Collected data entries:

........

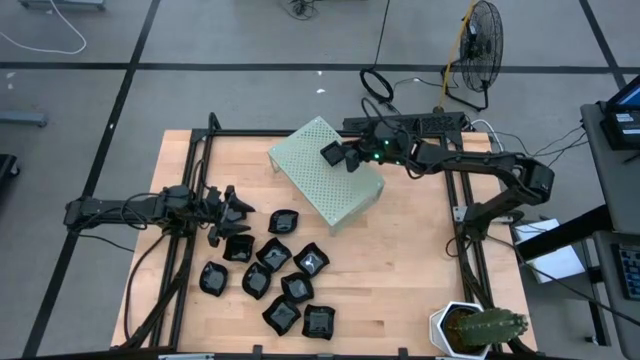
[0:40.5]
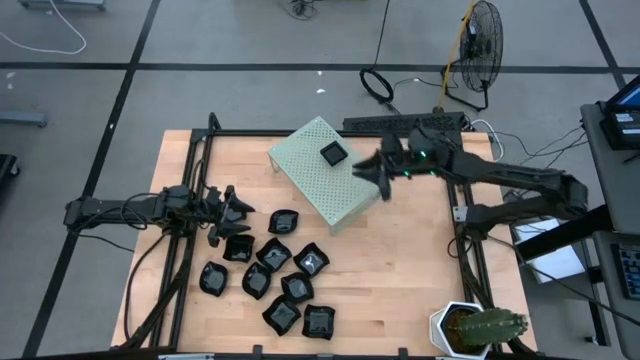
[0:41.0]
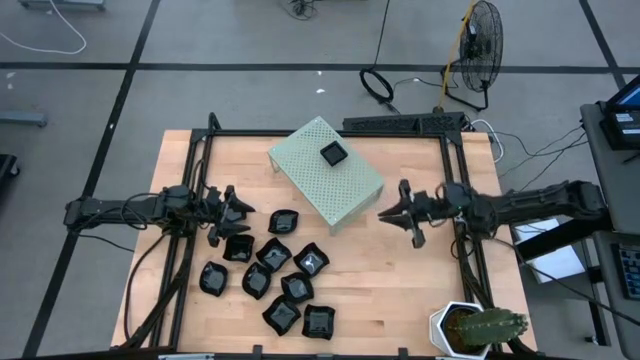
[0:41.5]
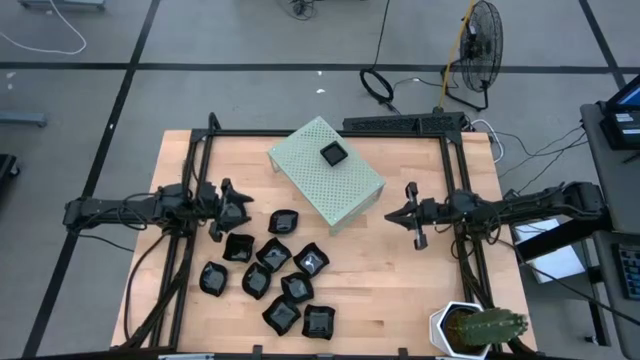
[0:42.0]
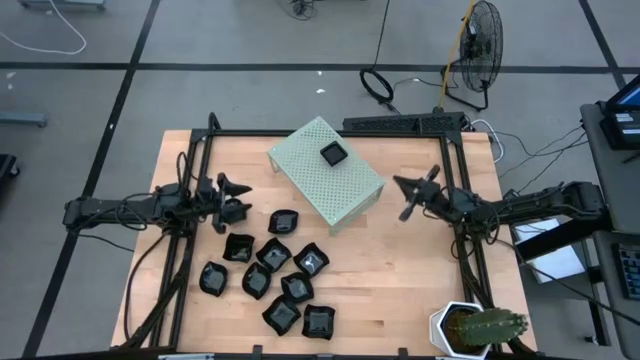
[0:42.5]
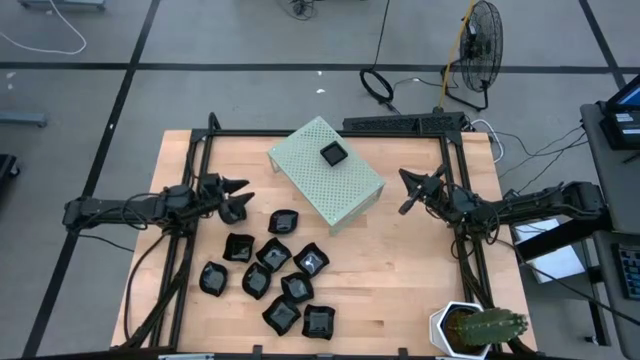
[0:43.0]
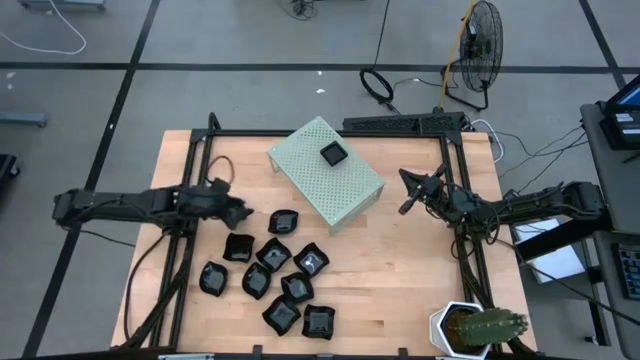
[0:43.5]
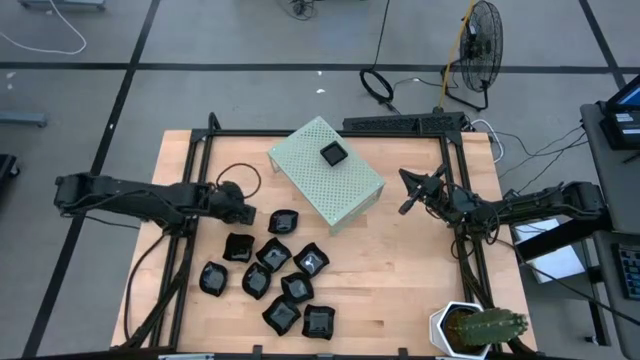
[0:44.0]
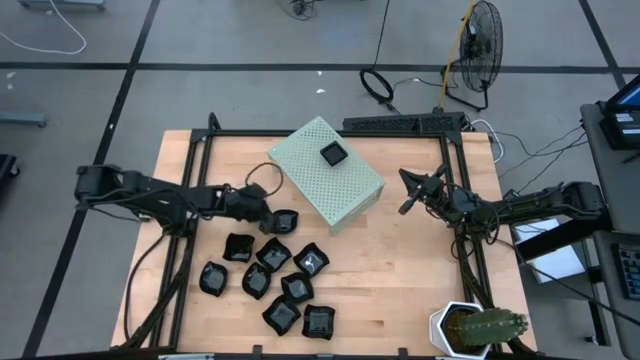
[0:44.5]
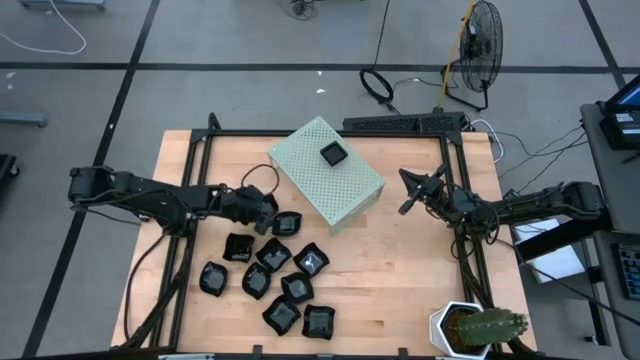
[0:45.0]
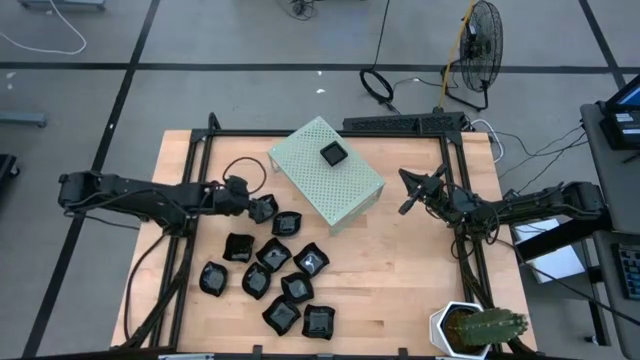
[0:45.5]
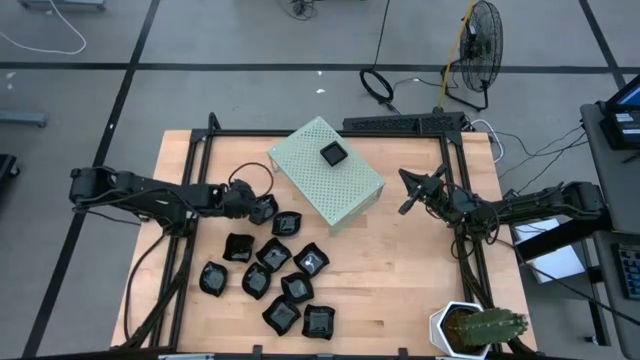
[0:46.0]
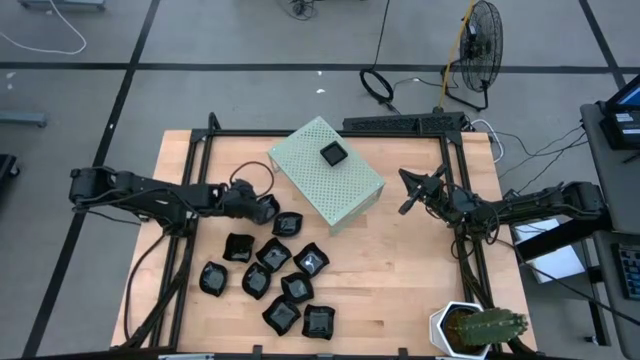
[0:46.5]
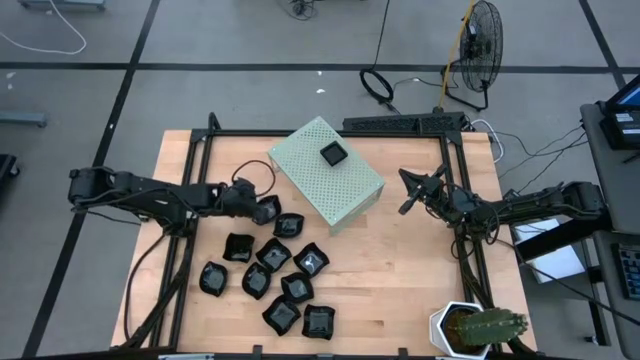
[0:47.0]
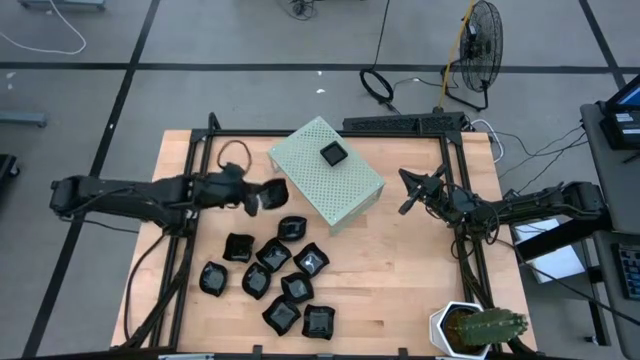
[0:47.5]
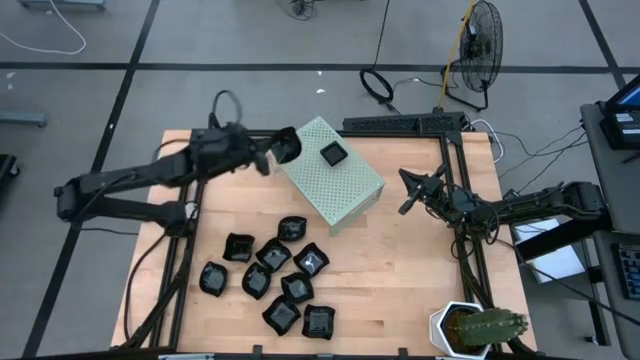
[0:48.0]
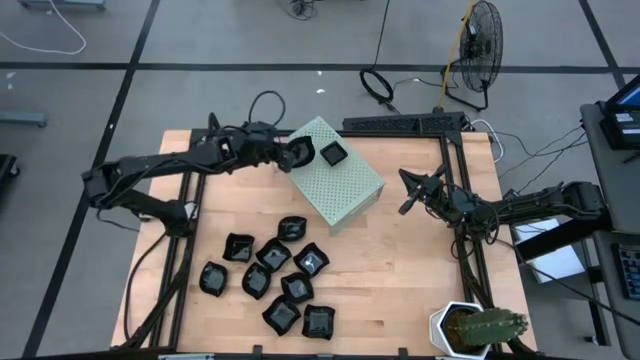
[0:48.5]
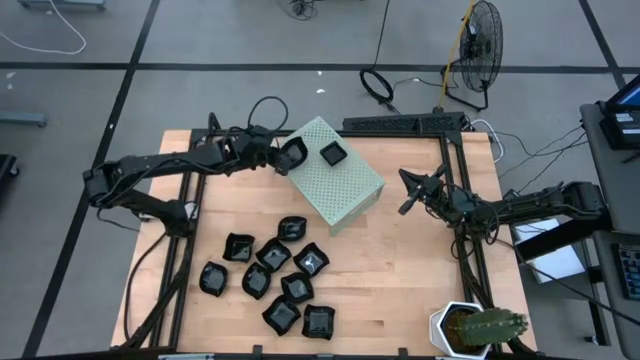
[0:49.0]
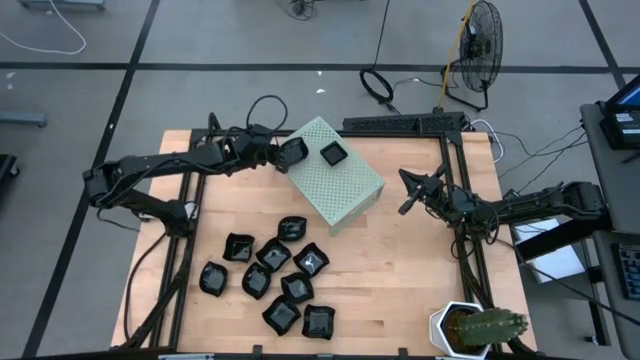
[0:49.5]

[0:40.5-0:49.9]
Task: Pick & Place Mini shaped plates
Put the leaf-shaped plate on the shelf

........

**Directions**
Every line of the data above is to be set down word for word, with the pictures left out.

**Solution for this problem**
[0:40.5]
[0:41.0]
[0:41.5]
[0:42.0]
[0:42.5]
[0:43.0]
[0:43.5]
[0:44.0]
[0:44.5]
[0:45.0]
[0:45.5]
[0:46.0]
[0:46.5]
[0:47.0]
[0:47.5]
[0:48.0]
[0:48.5]
[0:49.0]
[0:49.5]

[0:40.5-0:49.9]
Task: Pick & Place Mini shaped plates
Put the leaf-shaped plate on the shelf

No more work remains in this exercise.